Stakeholder involvement: In healthcare, many stakeholders are involved in product and software development projects, including patients, physicians, regulators, and IT staff. It is important to ensure that the voices of all stakeholders are heard and their respective needs are considered.

How can the advantages of both approaches be combined?

1. Develop a detailed project plan

Working agile does not mean working without a plan. When using agile methods in a regulated environment, a detailed project plan should outline and document the project scope, objectives, schedule, resources required, and risks to be managed.

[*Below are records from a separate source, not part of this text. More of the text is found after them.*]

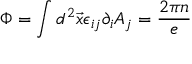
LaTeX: \Phi = \int d ^ { 2 } \vec { x } \epsilon _ { i j } \partial _ { i } A _ { j } = \frac { 2 \pi n } { e }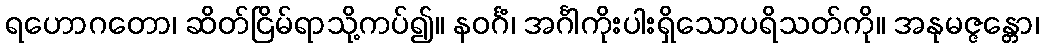
ရဟောဂတော၊ ဆိတ်ငြိမ်ရာသို့ကပ်၍။ နဝင်္ဂံ၊ အင်္ဂါကိုးပါးရှိသောပရိသတ်ကို။ အနုမဇ္ဇန္တော၊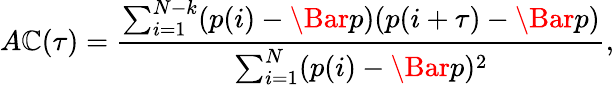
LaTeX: A\mathbb{C}(\tau)=\frac{{\sum_{i=1}^{N-k}(p(i)-\Bar{p})(p(i+\tau)-\Bar{p})}}{{\sum_{i=1}^{N}(p(i)-\Bar{p})^{2}}},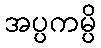
အပ္ပကမ္ပိ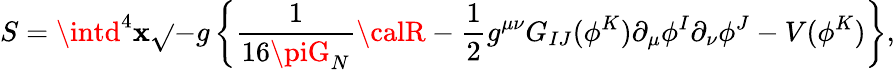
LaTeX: S=\intd^{4}\mathbf{x}\sqrt{}{{-g}}\left\{ {\frac{{1}}{{16\piG_{N}}}}{\calR}-\frac{{1}}{{2}}g^{\mu\nu}G_{IJ}(\phi^{K})\partial_{\mu}\phi^{I}\partial_{\nu}\phi^{J}-V(\phi^{K})\right\} ,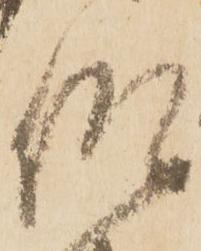
仰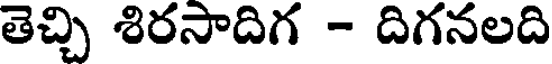
తెచ్చి శిరసాదిగ - దిగనలది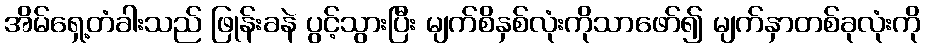
အိမ်ရှေ့တံခါးသည် ဖြုန်းခနဲ ပွင့်သွားပြီး မျက်စိနှစ်လုံးကိုသာဖော်၍ မျက်နှာတစ်ခုလုံးကို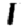
Digit: 1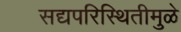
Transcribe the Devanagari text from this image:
सद्यपरिस्थितीमुळे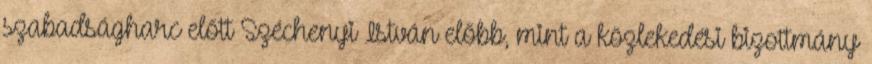
szabadságharc előtt Széchenyi István előbb, mint a közlekedési bizottmány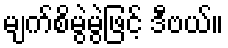
မျက်စိမွဲမွဲဖြင့် ဒီဗယ်။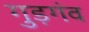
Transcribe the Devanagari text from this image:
गुड़गंव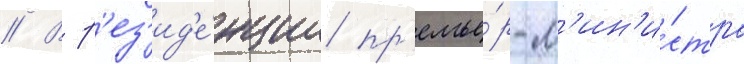
// В р'ез'ид'е́нции пр'емье́р-м'ин'и́стра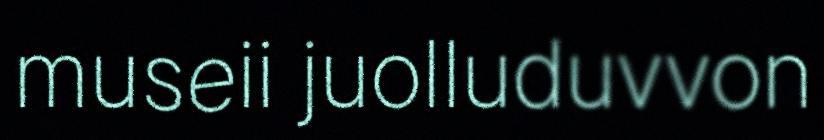
museii juolluduvvon

2. Create documents through automated processes

In a regulated environment, detailed documentation is required to demonstrate compliance with standards and regulations. Following the waterfall model, design input and output documents are created for a given project synchronization point detailing the risks, business requirements, architecture, testing, and operational aspects of the product being built. Agile methodologies can be adapted to include documentation requirements in the detailed product backlog elements.

The documents can be created before the start of a development sprint or a product increment to fulfil the regulatory requirements and to ensure the availability of the design inputs. However, they can describe a narrow scope that is relevant for the upcoming development period. Through automation in this area documentation creation, updates and approve cycles can be reduced significantly. Requirements, software designs and tests can be created close to the development environment that with the help of validated tools can later be transferred to comprehensive and consistent documents that are compliant with Quality Management System requirements.

3. Grow in test automation

There are several reasons why investing in test automation can make a project more efficient. When changes are made to software in a regulated environment, there is always the challenge of demonstrating that there is no negative impact on patient safety and overall effectiveness.

Or when a product moves from an implementation phase to a verification and validation phase, there are many necessary but time-consuming testing activities. In cross-functional agile teams, verification tasks for specific functions of the software solution may be part of the development sprints. The time to get feedback on the actual state of the product is significantly reduced with high levels of automation.

This also reduces the risk of introducing unintended side effects when making changes to an existing code. With proper test documentation and code quality, automated testing can formally cover business requirements and be used for verification activities, reducing the time required for a test cycle.

4. Manage risks continuously

Healthcare organizations must manage a variety of risks, such as patient safety, data privacy, and information security. Agile methodologies can be adapted to incorporate risk management practices such as risk identification, risk assessment, and risk mitigation in repeated shortened cycles, supported by the automated document creation process and automated testing against defined risk mitigations.

5. Engage stakeholder

Through regular sprint and product increment demonstration sessions, teams can show all key stakeholders the direction in which the digital solution is moving. As development cycles are shortened, patients, physicians, and IT staff can provide regular input to make change requests that the agile teams can follow. Customers, opinion leaders and partners should also be able to regularly express their opinions on how the solution should be designed. Medical technology companies can enable this, for example, through joint workshops or pilot phases based on intermediate product versions.

Conclusion

Implementing new processes, especially in a regulated environment, is fraught with additional difficulties and delays. However, integrating agile principles, supported by a team of industry experts and highly automated processes, enables an organization to quickly respond and react to new challenges arising from the changing demands of the medical device industry with a highly regulated environment.